REQUIRED ACTION => All entries must be set down once more, precisely as given.

(Records from a collection)
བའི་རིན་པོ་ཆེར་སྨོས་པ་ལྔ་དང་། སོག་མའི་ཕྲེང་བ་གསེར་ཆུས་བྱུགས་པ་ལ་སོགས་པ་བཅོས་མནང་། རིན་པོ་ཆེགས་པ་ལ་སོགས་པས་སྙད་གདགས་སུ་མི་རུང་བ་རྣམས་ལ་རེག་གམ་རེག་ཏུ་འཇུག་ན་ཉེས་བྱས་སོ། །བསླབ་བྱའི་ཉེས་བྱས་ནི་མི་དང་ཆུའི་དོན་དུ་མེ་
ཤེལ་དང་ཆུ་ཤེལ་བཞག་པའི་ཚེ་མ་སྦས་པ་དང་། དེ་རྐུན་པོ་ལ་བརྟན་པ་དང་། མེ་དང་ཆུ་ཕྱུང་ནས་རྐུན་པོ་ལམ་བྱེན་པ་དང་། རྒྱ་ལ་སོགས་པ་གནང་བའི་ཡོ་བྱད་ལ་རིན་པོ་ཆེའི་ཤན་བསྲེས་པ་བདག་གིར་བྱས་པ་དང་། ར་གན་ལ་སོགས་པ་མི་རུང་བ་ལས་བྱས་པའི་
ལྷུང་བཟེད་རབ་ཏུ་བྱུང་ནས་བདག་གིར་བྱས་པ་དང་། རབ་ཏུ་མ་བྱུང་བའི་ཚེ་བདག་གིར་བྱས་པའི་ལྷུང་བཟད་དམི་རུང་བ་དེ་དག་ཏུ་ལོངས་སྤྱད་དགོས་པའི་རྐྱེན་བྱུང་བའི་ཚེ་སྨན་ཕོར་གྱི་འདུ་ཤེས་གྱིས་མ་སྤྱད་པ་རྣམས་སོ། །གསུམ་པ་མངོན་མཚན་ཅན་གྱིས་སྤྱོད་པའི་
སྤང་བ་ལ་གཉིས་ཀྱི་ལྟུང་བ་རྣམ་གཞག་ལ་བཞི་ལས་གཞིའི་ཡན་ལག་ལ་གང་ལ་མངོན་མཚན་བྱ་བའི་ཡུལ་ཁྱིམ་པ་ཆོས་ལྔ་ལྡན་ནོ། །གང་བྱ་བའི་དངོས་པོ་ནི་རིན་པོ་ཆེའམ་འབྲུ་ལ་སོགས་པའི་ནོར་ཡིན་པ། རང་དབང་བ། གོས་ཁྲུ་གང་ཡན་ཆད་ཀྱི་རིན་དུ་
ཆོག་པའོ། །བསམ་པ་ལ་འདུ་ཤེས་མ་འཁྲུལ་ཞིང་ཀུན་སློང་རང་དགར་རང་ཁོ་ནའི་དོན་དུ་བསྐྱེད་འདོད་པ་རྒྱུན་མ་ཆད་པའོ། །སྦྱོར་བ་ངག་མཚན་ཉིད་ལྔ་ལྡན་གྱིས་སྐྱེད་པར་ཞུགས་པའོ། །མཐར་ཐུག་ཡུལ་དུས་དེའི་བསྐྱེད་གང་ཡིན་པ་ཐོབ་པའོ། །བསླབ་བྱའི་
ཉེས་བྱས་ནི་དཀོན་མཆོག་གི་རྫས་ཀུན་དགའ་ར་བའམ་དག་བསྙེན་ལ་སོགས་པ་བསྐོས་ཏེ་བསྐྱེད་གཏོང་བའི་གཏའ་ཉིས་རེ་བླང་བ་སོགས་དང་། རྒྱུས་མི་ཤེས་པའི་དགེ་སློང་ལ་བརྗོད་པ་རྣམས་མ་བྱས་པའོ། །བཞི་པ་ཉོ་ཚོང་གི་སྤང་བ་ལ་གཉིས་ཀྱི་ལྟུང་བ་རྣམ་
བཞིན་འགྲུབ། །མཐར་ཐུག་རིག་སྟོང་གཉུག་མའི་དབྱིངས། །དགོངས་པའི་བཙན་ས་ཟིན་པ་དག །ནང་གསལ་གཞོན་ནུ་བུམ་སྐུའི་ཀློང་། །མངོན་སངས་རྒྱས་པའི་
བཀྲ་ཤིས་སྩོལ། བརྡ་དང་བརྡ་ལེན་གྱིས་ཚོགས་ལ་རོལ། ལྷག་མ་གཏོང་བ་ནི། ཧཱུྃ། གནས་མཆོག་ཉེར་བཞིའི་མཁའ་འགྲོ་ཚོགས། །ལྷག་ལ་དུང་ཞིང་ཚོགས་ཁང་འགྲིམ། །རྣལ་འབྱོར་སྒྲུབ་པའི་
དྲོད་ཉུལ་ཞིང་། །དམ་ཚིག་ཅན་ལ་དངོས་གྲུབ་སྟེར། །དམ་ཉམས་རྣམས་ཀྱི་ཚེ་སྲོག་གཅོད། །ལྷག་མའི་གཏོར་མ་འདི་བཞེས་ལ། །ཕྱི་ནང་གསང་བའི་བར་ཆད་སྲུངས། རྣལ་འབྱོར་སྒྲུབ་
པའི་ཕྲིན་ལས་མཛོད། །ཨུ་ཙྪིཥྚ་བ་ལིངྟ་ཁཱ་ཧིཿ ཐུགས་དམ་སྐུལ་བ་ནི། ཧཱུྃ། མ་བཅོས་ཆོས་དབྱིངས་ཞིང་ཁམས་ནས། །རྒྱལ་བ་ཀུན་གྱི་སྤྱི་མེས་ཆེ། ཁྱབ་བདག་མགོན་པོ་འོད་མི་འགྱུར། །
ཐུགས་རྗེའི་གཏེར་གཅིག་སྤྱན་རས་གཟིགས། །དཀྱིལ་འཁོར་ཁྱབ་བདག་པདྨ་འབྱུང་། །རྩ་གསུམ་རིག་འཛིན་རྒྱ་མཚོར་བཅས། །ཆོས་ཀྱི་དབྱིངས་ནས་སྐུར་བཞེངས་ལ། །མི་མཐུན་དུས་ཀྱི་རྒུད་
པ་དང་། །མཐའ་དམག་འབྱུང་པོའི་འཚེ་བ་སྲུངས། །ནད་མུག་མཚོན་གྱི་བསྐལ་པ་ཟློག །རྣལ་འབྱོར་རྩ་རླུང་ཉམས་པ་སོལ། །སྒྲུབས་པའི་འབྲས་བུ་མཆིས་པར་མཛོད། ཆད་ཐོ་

TASK SOLUTION =>
བའི་རིན་པོ་ཆེར་སྨོས་པ་ལྔ་དང་། སོག་མའི་ཕྲེང་བ་གསེར་ཆུས་བྱུགས་པ་ལ་སོགས་པ་བཅོས་མནང་། རིན་པོ་ཆེགས་པ་ལ་སོགས་པས་སྙད་གདགས་སུ་མི་རུང་བ་རྣམས་ལ་རེག་གམ་རེག་ཏུ་འཇུག་ན་ཉེས་བྱས་སོ། །བསླབ་བྱའི་ཉེས་བྱས་ནི་མི་དང་ཆུའི་དོན་དུ་མེ་
ཤེལ་དང་ཆུ་ཤེལ་བཞག་པའི་ཚེ་མ་སྦས་པ་དང་། དེ་རྐུན་པོ་ལ་བརྟན་པ་དང་། མེ་དང་ཆུ་ཕྱུང་ནས་རྐུན་པོ་ལམ་བྱེན་པ་དང་། རྒྱ་ལ་སོགས་པ་གནང་བའི་ཡོ་བྱད་ལ་རིན་པོ་ཆེའི་ཤན་བསྲེས་པ་བདག་གིར་བྱས་པ་དང་། ར་གན་ལ་སོགས་པ་མི་རུང་བ་ལས་བྱས་པའི་
ལྷུང་བཟེད་རབ་ཏུ་བྱུང་ནས་བདག་གིར་བྱས་པ་དང་། རབ་ཏུ་མ་བྱུང་བའི་ཚེ་བདག་གིར་བྱས་པའི་ལྷུང་བཟད་དམི་རུང་བ་དེ་དག་ཏུ་ལོངས་སྤྱད་དགོས་པའི་རྐྱེན་བྱུང་བའི་ཚེ་སྨན་ཕོར་གྱི་འདུ་ཤེས་གྱིས་མ་སྤྱད་པ་རྣམས་སོ། །གསུམ་པ་མངོན་མཚན་ཅན་གྱིས་སྤྱོད་པའི་
སྤང་བ་ལ་གཉིས་ཀྱི་ལྟུང་བ་རྣམ་གཞག་ལ་བཞི་ལས་གཞིའི་ཡན་ལག་ལ་གང་ལ་མངོན་མཚན་བྱ་བའི་ཡུལ་ཁྱིམ་པ་ཆོས་ལྔ་ལྡན་ནོ། །གང་བྱ་བའི་དངོས་པོ་ནི་རིན་པོ་ཆེའམ་འབྲུ་ལ་སོགས་པའི་ནོར་ཡིན་པ། རང་དབང་བ། གོས་ཁྲུ་གང་ཡན་ཆད་ཀྱི་རིན་དུ་
ཆོག་པའོ། །བསམ་པ་ལ་འདུ་ཤེས་མ་འཁྲུལ་ཞིང་ཀུན་སློང་རང་དགར་རང་ཁོ་ནའི་དོན་དུ་བསྐྱེད་འདོད་པ་རྒྱུན་མ་ཆད་པའོ། །སྦྱོར་བ་ངག་མཚན་ཉིད་ལྔ་ལྡན་གྱིས་སྐྱེད་པར་ཞུགས་པའོ། །མཐར་ཐུག་ཡུལ་དུས་དེའི་བསྐྱེད་གང་ཡིན་པ་ཐོབ་པའོ། །བསླབ་བྱའི་
ཉེས་བྱས་ནི་དཀོན་མཆོག་གི་རྫས་ཀུན་དགའ་ར་བའམ་དག་བསྙེན་ལ་སོགས་པ་བསྐོས་ཏེ་བསྐྱེད་གཏོང་བའི་གཏའ་ཉིས་རེ་བླང་བ་སོགས་དང་། རྒྱུས་མི་ཤེས་པའི་དགེ་སློང་ལ་བརྗོད་པ་རྣམས་མ་བྱས་པའོ། །བཞི་པ་ཉོ་ཚོང་གི་སྤང་བ་ལ་གཉིས་ཀྱི་ལྟུང་བ་རྣམ་
བཞིན་འགྲུབ། །མཐར་ཐུག་རིག་སྟོང་གཉུག་མའི་དབྱིངས། །དགོངས་པའི་བཙན་ས་ཟིན་པ་དག །ནང་གསལ་གཞོན་ནུ་བུམ་སྐུའི་ཀློང་། །མངོན་སངས་རྒྱས་པའི་
བཀྲ་ཤིས་སྩོལ། བརྡ་དང་བརྡ་ལེན་གྱིས་ཚོགས་ལ་རོལ། ལྷག་མ་གཏོང་བ་ནི། ཧཱུྃ། གནས་མཆོག་ཉེར་བཞིའི་མཁའ་འགྲོ་ཚོགས། །ལྷག་ལ་དུང་ཞིང་ཚོགས་ཁང་འགྲིམ། །རྣལ་འབྱོར་སྒྲུབ་པའི་
དྲོད་ཉུལ་ཞིང་། །དམ་ཚིག་ཅན་ལ་དངོས་གྲུབ་སྟེར། །དམ་ཉམས་རྣམས་ཀྱི་ཚེ་སྲོག་གཅོད། །ལྷག་མའི་གཏོར་མ་འདི་བཞེས་ལ། །ཕྱི་ནང་གསང་བའི་བར་ཆད་སྲུངས། རྣལ་འབྱོར་སྒྲུབ་
པའི་ཕྲིན་ལས་མཛོད། །ཨུ་ཙྪིཥྚ་བ་ལིངྟ་ཁཱ་ཧིཿ ཐུགས་དམ་སྐུལ་བ་ནི། ཧཱུྃ། མ་བཅོས་ཆོས་དབྱིངས་ཞིང་ཁམས་ནས། །རྒྱལ་བ་ཀུན་གྱི་སྤྱི་མེས་ཆེ། ཁྱབ་བདག་མགོན་པོ་འོད་མི་འགྱུར། །
ཐུགས་རྗེའི་གཏེར་གཅིག་སྤྱན་རས་གཟིགས། །དཀྱིལ་འཁོར་ཁྱབ་བདག་པདྨ་འབྱུང་། །རྩ་གསུམ་རིག་འཛིན་རྒྱ་མཚོར་བཅས། །ཆོས་ཀྱི་དབྱིངས་ནས་སྐུར་བཞེངས་ལ། །མི་མཐུན་དུས་ཀྱི་རྒུད་
པ་དང་། །མཐའ་དམག་འབྱུང་པོའི་འཚེ་བ་སྲུངས། །ནད་མུག་མཚོན་གྱི་བསྐལ་པ་ཟློག །རྣལ་འབྱོར་རྩ་རླུང་ཉམས་པ་སོལ། །སྒྲུབས་པའི་འབྲས་བུ་མཆིས་པར་མཛོད། ཆད་ཐོ་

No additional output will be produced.